YOUR TASK —
When a line in the records contains the string "class", copy that line.

DATA LISTING —
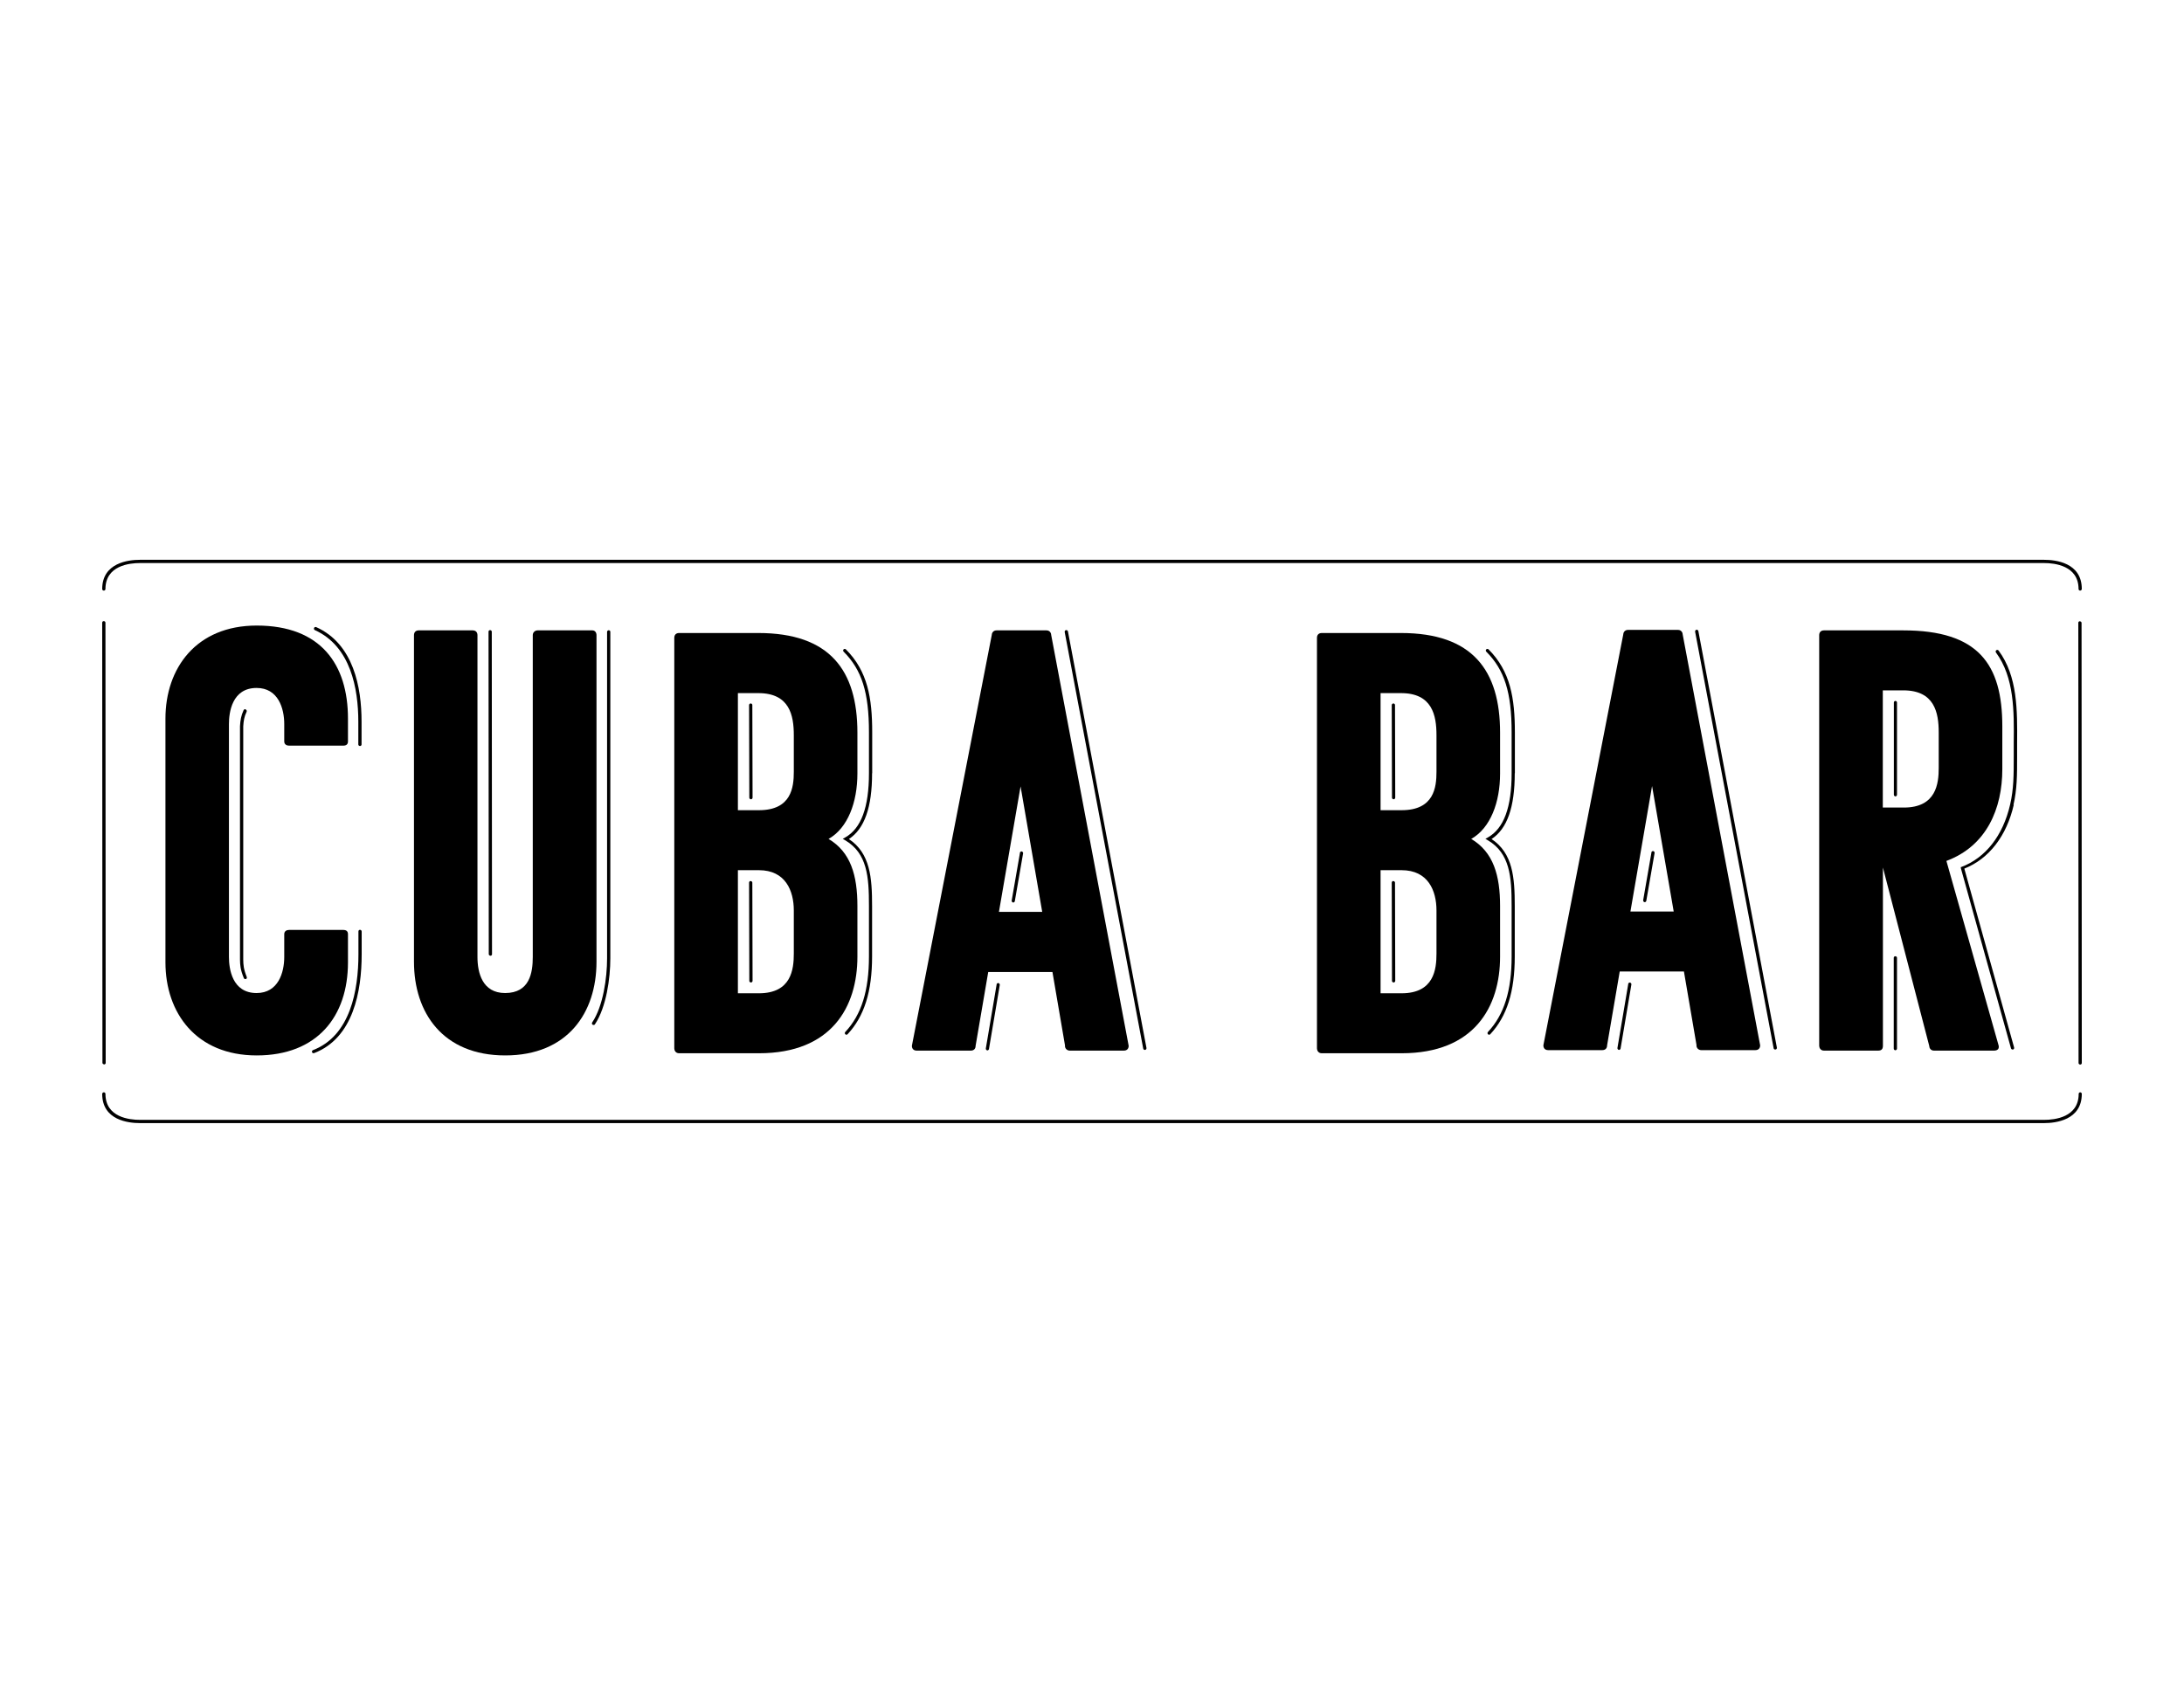 <?xml version="1.0" encoding="UTF-8"?>
<svg id="Ebene_2" data-name="Ebene 2" xmlns="http://www.w3.org/2000/svg" xmlns:xlink="http://www.w3.org/1999/xlink" viewBox="0 0 181.64 140">
  <defs>
    <style>
      .cls-1 {
        fill: none;
      }

      .cls-2 {
        clip-path: url(#clippath);
      }
    </style>
    <clipPath id="clippath">
      <rect class="cls-1" x="8.5" y="46.57" width="164.64" height="46.87"/>
    </clipPath>
  </defs>
  <g class="cls-2">
    <path d="M8.66,88.55h0c.07,0,.14-.06.13-.14l-.02-36.61c0-.07-.06-.13-.14-.13s-.13.06-.13.13l.02,36.61c0,.07.06.13.13.13"/>
    <path d="M172.98,51.68h0c-.07,0-.14.06-.13.14l.02,36.61c0,.07.06.13.14.13s.13-.06.13-.13l-.02-36.61c0-.07-.06-.13-.13-.13"/>
    <path d="M173.01,90.87c-.07,0-.13.06-.13.13,0,1.95-2,2.16-2.86,2.16H11.63c-.86,0-2.86-.21-2.86-2.16,0-.07-.06-.13-.13-.13s-.14.06-.14.13c0,2.2,2.19,2.43,3.13,2.43h158.38c.94,0,3.13-.24,3.13-2.43,0-.07-.06-.13-.13-.13"/>
    <path d="M8.64,49.13c.07,0,.13-.06.13-.13,0-1.95,2-2.16,2.86-2.16h158.38c.86,0,2.86.21,2.86,2.16,0,.07.06.13.13.13s.14-.06.14-.13c0-2.2-2.19-2.43-3.13-2.43H11.63c-.94,0-3.13.24-3.13,2.43,0,.07.06.13.13.13"/>
    <path d="M20.44,59.01c-.07-.03-.15,0-.18.07-.21.46-.27.82-.3,1.33v19.43c.01.43.02.8.32,1.53.02.05.07.08.12.08.02,0,.03,0,.05,0,.07-.03.1-.11.07-.18-.27-.68-.28-1.01-.29-1.43v-.04s0-19.37,0-19.37c.03-.48.08-.8.28-1.22.03-.07,0-.15-.07-.18"/>
    <path d="M49.3,85.25s.05.02.07.02c.04,0,.09-.02.11-.06.95-1.42,1.28-3.84,1.28-5.48v-27.17c0-.07-.06-.13-.13-.13s-.14.06-.14.13v27.17c0,1.6-.32,3.96-1.24,5.33-.04.06-.02.15.04.19"/>
    <path d="M95.21,87.34s.02,0,.03,0c.07-.01.12-.08.11-.16l-6.53-34.65c-.01-.07-.08-.12-.16-.11s-.12.08-.11.16l6.53,34.65c.01.07.07.11.13.11"/>
    <path d="M82.89,81.89l-.9,5.33c-.01.07.04.14.11.16,0,0,.02,0,.02,0,.06,0,.12-.05.13-.11l.9-5.33c.01-.07-.04-.14-.11-.16-.07-.01-.14.04-.16.11"/>
    <path d="M84.83,70.94l-.69,3.98c-.01.07.04.14.11.16,0,0,.02,0,.02,0,.06,0,.12-.05.13-.11l.69-3.98c.01-.07-.04-.14-.11-.16-.07-.01-.14.04-.16.11"/>
    <path d="M62.43,58.52h0c-.07,0-.13.06-.13.14l.02,7.7c0,.07.06.13.14.13h0c.07,0,.13-.06.13-.14l-.02-7.7c0-.07-.06-.13-.13-.13"/>
    <path d="M62.43,73.29h0c-.07,0-.13.06-.13.14l.02,8.17c0,.07.06.13.14.13h0c.07,0,.13-.06.13-.14l-.02-8.16c0-.07-.06-.13-.13-.13"/>
    <path d="M72.54,64.32v-3.4c0-2.83-.37-5.08-2.19-6.9-.05-.05-.14-.05-.19,0-.05.05-.05.14,0,.19,1.52,1.52,2.11,3.4,2.11,6.71v3.4c0,2.85-.65,4.6-1.98,5.35l-.2.11.2.12c1.84,1.09,1.98,3.03,1.98,5.46v4.2c0,2.85-.62,4.85-1.97,6.29-.05.05-.05.14,0,.19.03.02.06.04.09.04.04,0,.07-.01.1-.04,1.39-1.49,2.04-3.55,2.04-6.47v-4.2c0-2.35-.15-4.39-1.93-5.57,1.3-.85,1.93-2.65,1.93-5.47"/>
    <path d="M40.79,79.51h0c.07,0,.14-.06.13-.14l-.02-26.82c0-.07-.06-.13-.14-.13s-.13.06-.13.13l.02,26.82c0,.07.06.13.13.13"/>
    <path d="M30.07,60.02c0-2.81-.65-6.45-3.77-7.85-.07-.03-.15,0-.18.07-.03.07,0,.15.07.18,2.98,1.35,3.61,4.88,3.61,7.61v1.9c0,.07.06.13.14.13s.13-.06.13-.13v-1.9Z"/>
    <path d="M26.07,87.61s.03,0,.05,0c3.27-1.25,3.96-5.16,3.96-8.22v-1.9c0-.07-.06-.14-.14-.14s-.13.06-.13.14v1.9c0,2.97-.66,6.77-3.78,7.97-.07.03-.1.1-.08.17.02.05.07.09.13.09"/>
    <path d="M147.64,87.31s.02,0,.03,0c.07-.01.12-.08.11-.16l-6.53-34.65c-.01-.07-.08-.12-.16-.11-.07.01-.12.08-.11.16l6.53,34.65c.01.07.07.11.13.11"/>
    <path d="M135.42,81.85l-.9,5.33c-.01.07.04.14.11.16,0,0,.02,0,.02,0,.06,0,.12-.05.13-.11l.9-5.33c.01-.07-.04-.14-.11-.16-.07-.01-.14.04-.16.11"/>
    <path d="M137.35,70.91l-.69,3.98c-.01.07.04.14.11.16,0,0,.02,0,.02,0,.06,0,.12-.05.13-.11l.69-3.98c.01-.07-.04-.14-.11-.16-.07-.01-.14.04-.16.11"/>
    <path d="M167.45,66.99c.31-1.34.31-2.49.31-4.07v-.11c0-.32,0-.64,0-.97.02-2.74.05-5.57-1.54-7.72-.04-.06-.13-.07-.19-.03-.06.04-.07.13-.03.19,1.53,2.08,1.51,4.87,1.48,7.56,0,.33,0,.65,0,.97v.11c0,1.57,0,2.7-.3,4.01-.6,2.6-2.05,4.44-4.07,5.2,0,0,0,0,0,0,0,0,0,0-.01,0,0,0,0,0-.01,0,0,0,0,0-.01,0,0,0,0,0,0,0,0,0,0,0,0,0,0,0,0,0,0,.01,0,0,0,0,0,.01,0,0,0,0,0,.01s0,0,0,.01c0,0,0,0,0,.01,0,0,0,0,0,.01,0,0,0,0,0,.01,0,0,0,0,0,.01,0,0,0,0,0,.01,0,0,0,0,0,0l4.17,14.99c.02.06.07.1.13.1.01,0,.02,0,.04,0,.07-.02.11-.09.09-.17l-4.14-14.88c2.05-.81,3.52-2.71,4.12-5.34"/>
    <path d="M115.88,58.52h0c-.07,0-.13.06-.13.14l.02,7.7c0,.07.06.13.14.13h0c.07,0,.13-.06.13-.14l-.02-7.7c0-.07-.06-.13-.13-.13"/>
    <path d="M115.88,73.29h0c-.07,0-.13.06-.13.14l.02,8.17c0,.07.06.13.14.13h0c.07,0,.13-.06.13-.14l-.02-8.16c0-.07-.06-.13-.13-.13"/>
    <path d="M125.99,64.32v-3.4c0-2.83-.37-5.08-2.19-6.9-.05-.05-.14-.05-.19,0-.05.05-.05.14,0,.19,1.52,1.52,2.11,3.4,2.11,6.71v3.4c0,2.85-.65,4.6-1.98,5.35l-.2.11.2.12c1.84,1.09,1.98,3.03,1.98,5.46v4.2c0,2.85-.62,4.85-1.97,6.29-.05.05-.05.14,0,.19.03.02.06.04.09.04.04,0,.07-.01.1-.04,1.39-1.49,2.04-3.55,2.04-6.47v-4.2c0-2.35-.15-4.39-1.93-5.57,1.3-.85,1.93-2.65,1.93-5.47"/>
    <path d="M157.64,58.31c-.07,0-.13.06-.13.13v7.67c0,.07.06.14.13.14s.13-.06.13-.14v-7.67c0-.07-.06-.13-.13-.13"/>
    <path d="M157.5,79.68v7.55c0,.07.06.14.13.14s.14-.06.14-.14v-7.55c0-.07-.06-.13-.14-.13s-.13.06-.13.13"/>
    <path d="M24.04,62.03h4.5c.25,0,.4-.1.4-.35v-1.9c0-4.5-2.25-7.74-7.59-7.74-5.04,0-7.59,3.55-7.59,7.74v20.28c0,4.2,2.55,7.74,7.59,7.74s7.59-3.25,7.59-7.74v-2.35c0-.25-.15-.35-.4-.35h-4.5c-.2,0-.4.1-.4.35v1.9c0,1.3-.5,3-2.3,3-2.05,0-2.3-2.05-2.3-3v-19.38c0-.95.25-3,2.3-3,1.8,0,2.3,1.7,2.3,3v1.45c0,.25.2.35.4.35"/>
    <path d="M39.33,52.44h-4.5c-.25,0-.4.15-.4.4v27.17c0,4.24,2.4,7.79,7.59,7.79s7.59-3.55,7.59-7.79v-27.17c0-.25-.15-.4-.35-.4h-4.55c-.2,0-.4.15-.4.4v26.77c0,1.3-.25,3-2.3,3-1.9,0-2.3-1.7-2.3-3v-26.77c0-.25-.15-.4-.4-.4"/>
    <path d="M83.08,75.86l1.8-10.44,1.8,10.44h-3.6ZM88.57,87c0,.25.2.4.4.4h4.5c.25,0,.4-.15.4-.4l-6.44-34.16c0-.15-.1-.4-.4-.4h-4.15c-.3,0-.4.25-.4.4l-6.64,34.16c0,.25.15.4.4.4h4.5c.25,0,.4-.15.4-.4l1.05-6.14h5.34l1.05,6.14Z"/>
    <path d="M156.59,67.17v-9.74h1.7c2.6,0,2.95,1.85,2.95,3.5v2.95c0,1.3-.2,3.3-2.9,3.3h-1.75ZM160.84,87.4h4.99c.25,0,.45-.1.4-.4l-4.35-15.38c3.35-1.25,4.65-4.35,4.65-7.64v-3.55c0-5.19-2-7.99-8.24-7.99h-6.59c-.25,0-.4.15-.4.4v34.16c0,.15.1.4.4.4h4.5c.25,0,.4-.1.4-.4v-14.83l3.85,14.83c0,.15.1.4.4.4"/>
    <path d="M135.6,75.83l1.8-10.44,1.8,10.44h-3.6ZM141.09,86.96c0,.25.2.4.4.4h4.5c.25,0,.4-.15.4-.4l-6.44-34.16c0-.15-.1-.4-.4-.4h-4.15c-.3,0-.4.25-.4.4l-6.64,34.16c0,.25.15.4.4.4h4.5c.25,0,.4-.15.4-.4l1.05-6.14h5.34l1.05,6.14Z"/>
    <path d="M66.02,64.2c0,1.3-.2,3.2-2.9,3.2h-1.75v-9.74h1.7c2.6,0,2.95,1.85,2.95,3.5v3.05ZM66.02,79.33c0,1.3-.2,3.3-2.9,3.3h-1.75v-10.24h1.75c2.2,0,2.9,1.7,2.9,3.35v3.6ZM71.31,64.35v-3.4c0-5.19-2.3-8.29-8.24-8.29h-6.59c-.25,0-.4.15-.4.4v34.16c0,.15.1.4.4.4h6.64c6.04,0,8.19-3.85,8.19-8.04v-4.2c0-2.55-.55-4.49-2.4-5.59,1.6-.9,2.4-3.05,2.4-5.44"/>
    <path d="M119.47,64.2c0,1.3-.2,3.2-2.9,3.2h-1.75v-9.74h1.7c2.6,0,2.95,1.85,2.95,3.5v3.05ZM119.47,79.33c0,1.3-.2,3.3-2.9,3.3h-1.75v-10.24h1.75c2.2,0,2.9,1.7,2.9,3.35v3.6ZM124.76,64.35v-3.4c0-5.19-2.3-8.29-8.24-8.29h-6.59c-.25,0-.4.15-.4.4v34.16c0,.15.1.4.4.4h6.64c6.04,0,8.19-3.85,8.19-8.04v-4.2c0-2.55-.55-4.49-2.4-5.59,1.6-.9,2.4-3.05,2.4-5.44"/>
  </g>
</svg>

TASK RESPONSE —
      <rect class="cls-1" x="8.5" y="46.57" width="164.64" height="46.87"/>
  <g class="cls-2">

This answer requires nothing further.